Teeing off was a little daunting and my first two holes were forgettable to say the least.  Ian was none too thrilled with his first tee shot either but he found form a lot faster than I did.  Fortunately by the third hole I was beginning to remember that I could actually play – getting a shot into the air was a big thrill and things picked up from there.  I couldn’t have cared less about the standard of my golf though as the views were amazing in every direction.  Our caddy, Matt knew all the local stories – he could tell you who owned which house and where you could still buy real estate in Carmel By Sea for less than a quarter of a million dollars.  Unlike some of the houses on the course which were for sale for anywhere between six and seventy five million dollars.


Matt said that most of the homes were owned by self-made millionaires and in some cases billionaires and that the old money tended to be the other side of the bay.  The travesty of it all is that most of the homes are empty bar the housekeeper for the greater part of the year.  It seems wasteful in the extreme.

He had some great stories about people he’d caddied for including Clint Eastwood who he caddied for the day he bought the resort – well a pretty big share of it.  There are six major shareholders and a whole lot of smaller ones.  At least Mr Eastwood actually lives here – he was the mayor of Carmel for a while and he is apparently a very active and visible member of the local community.

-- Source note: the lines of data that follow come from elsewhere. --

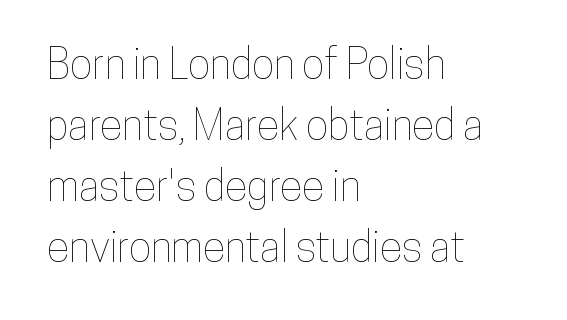
{"italic": "no", "width": "condensed", "stroke_contrast": "low", "x_height": "medium", "monospaced": "no", "underline": "no", "align": "left", "line_spacing": "normal", "line_spacing_ratio": 1.45, "letter_spacing": "normal", "letter_spacing_em": 0.0, "glyph_px": 42}
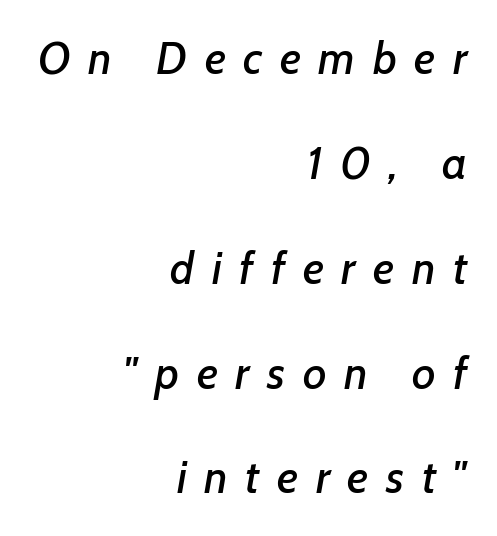
{"italic": "yes", "lean": "right", "slant_degrees": 7, "width": "normal", "stroke_contrast": "low", "x_height": "medium", "monospaced": "no", "underline": "no", "align": "right", "line_spacing": "loose", "line_spacing_ratio": 2.33, "letter_spacing": "wide", "letter_spacing_em": 0.39, "glyph_px": 45}
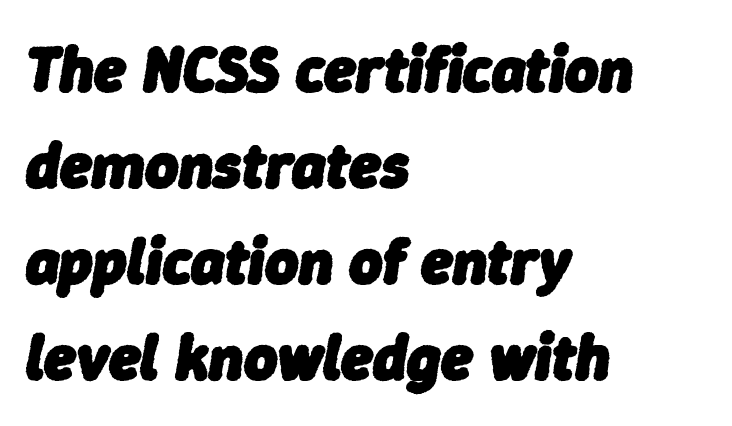
Q: Is the text bold? A: Yes.
Q: Is the text italic (slanted)? A: Yes, it leans right by about 9 degrees.
Q: Is the text underlined? A: No.
Q: How is the paragraph aligned? A: Left-aligned.
Q: Is the spacing between letters normal or unusually wide? A: Normal.
Q: Is the spacing between lines tight, normal or loose? A: Normal.
Q: Width (condensed, normal, or wide)? A: Normal.
Q: Stroke contrast? A: Low.
Q: x-height? A: Medium.
Q: Monospaced? A: No.
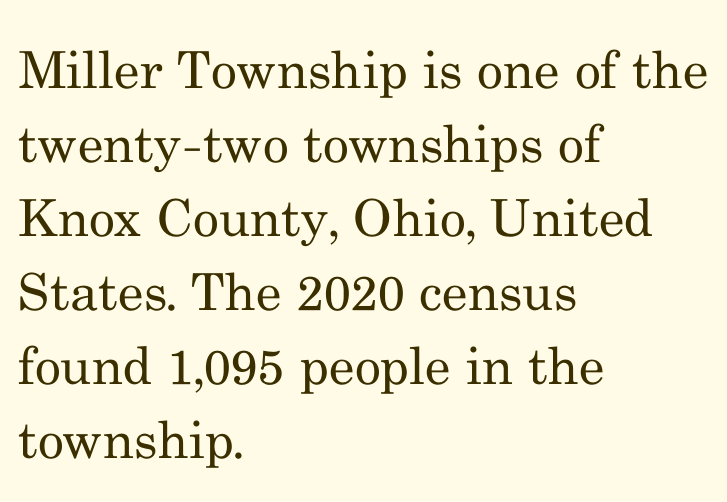
The image shows 51 px regular-weight serif type, upright; set left-aligned, normal line spacing (1.45x), normal letter spacing, not underlined; medium stroke contrast and a small x-height.
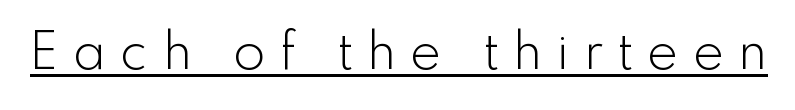
The image shows 52 px light sans-serif type, upright; set unusually wide letter spacing (+0.29 em), underlined; a small x-height.
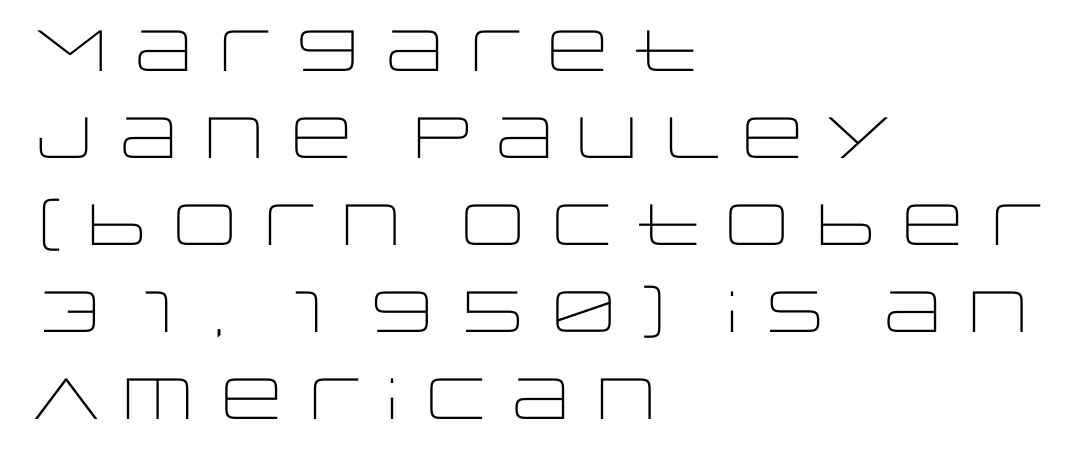
The image shows 58 px light, wide sans-serif type, upright; set left-aligned, normal line spacing (1.5x), normal letter spacing, not underlined; low stroke contrast and a large x-height.
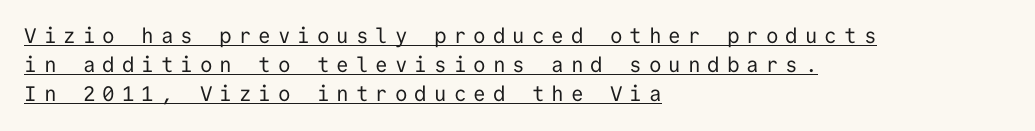
Someone cranked the tracking dial way up on this one. Students, observe: this is what conventionally led text looks like. The lines are quadded left. A typographer would call this underscored text. Weight class: somewhere from thin through regular. Nope, not italic — everything's standing straight.
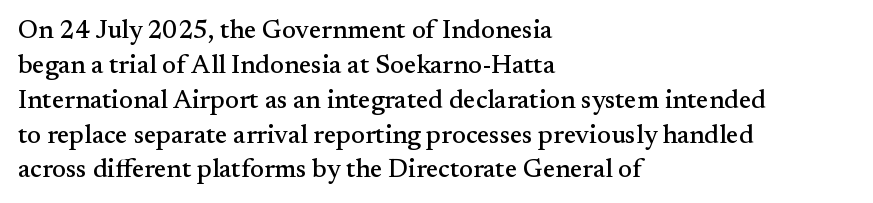
Q: Is the text italic (slanted)? A: No, it is upright.
Q: Is the text underlined? A: No.
Q: How is the paragraph aligned? A: Left-aligned.
Q: Is the spacing between letters normal or unusually wide? A: Normal.
Q: Is the spacing between lines tight, normal or loose? A: Normal.
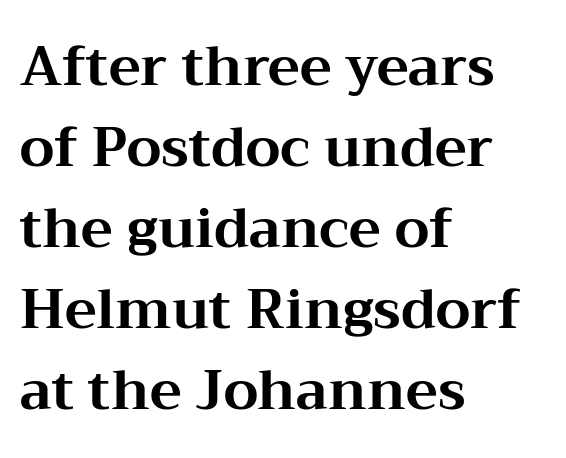
Q: Is the text bold? A: Yes.
Q: Is the text italic (slanted)? A: No, it is upright.
Q: Is the typeface a serif or a sans-serif typeface? A: Serif.
Q: Is the text underlined? A: No.
Q: How is the paragraph aligned? A: Left-aligned.
Q: Is the spacing between letters normal or unusually wide? A: Normal.
Q: Is the spacing between lines tight, normal or loose? A: Normal.
Q: Width (condensed, normal, or wide)? A: Wide.
Q: Stroke contrast? A: Medium.
Q: x-height? A: Medium.
Q: Monospaced? A: No.
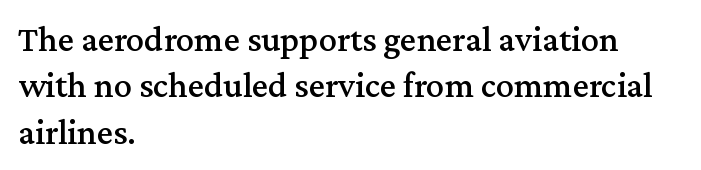
{"serif": "yes", "italic": "no", "width": "normal", "stroke_contrast": "medium", "x_height": "medium", "monospaced": "no", "underline": "no", "align": "left", "line_spacing": "normal", "line_spacing_ratio": 1.29, "letter_spacing": "normal", "letter_spacing_em": 0.0, "glyph_px": 36}
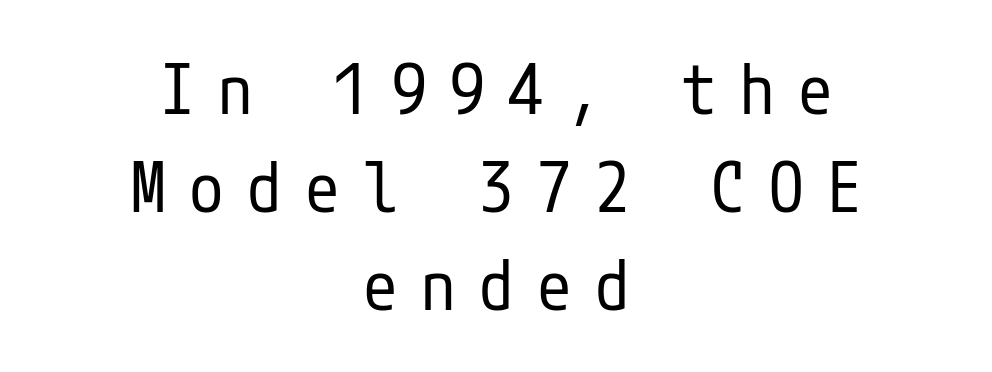
Stroke terminals: plain, sans-serif. Regular leading. One-word summary of the alignment: center. On a weight scale, this lands at 450 or below. Upright lettering throughout. Someone cranked the tracking dial way up on this one.
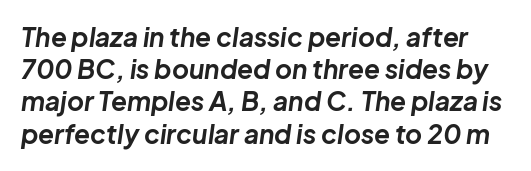
The text carries the slant typical of an italic or oblique font. A typesetter would call this zero additional tracking. Just letters on the line, the space beneath them empty. Typesetter's note: full bold, strokes at maximum text heaviness.

The golf was fun – we had some great holes and some really ordinary ones but it didn’t matter.  We were pinching ourselves that we were playing Pebble Beach, home of the US Open on several occasions and again in 2019. 

The weather had been kind, mostly sunny and the wind wasn’t too blustery to begin with but by the 17th hole it was freezing.  The caddies told us that we had been truly fortunate with the weather as it’s frequently raining and cold and in the summer, extremely foggy. 

For anyone who loves golf, a sparkling day at Pebble Beach is a must.  Who knows if we’ll ever get back – I wouldn’t mind spending my next big 0 birthday playing there again.  Ian has three courses in the world he’s always wanted to play.  Pebble Beach, The Old Course at St Andrew’s – which he played about 25 years ago and Augusta National; the home of the Masters.  I’m not sure how accessible that one is, but surely two out of three ain’t bad.

Driving back to San Francisco we passed through Carmel By Sea which is like a postcard and a definite must see for next time.  Big Sur is also on that list.  We took a wrong turn on the freeway – and found a little town called Castroville which we headed back through to get to the right road.  It was dead flat and dirt poor.  The juxtaposition of the area 20 minutes away was not lost on us as we took in the sights of the artichoke capital of the world – with their very own ‘big artichoke’.

Waking up this morning to teeming rain we knew how lucky we had been to have a clear day at Pebble Beach.  We’re now en-route to Chicago, currently high above the snow covered peaks of the Rocky Mountains in Colorado.  Chicago is a balmy 7 degrees Celsius today so we’ll be bringing out the winter woollies again and getting set to meet lots of kids over the next three days.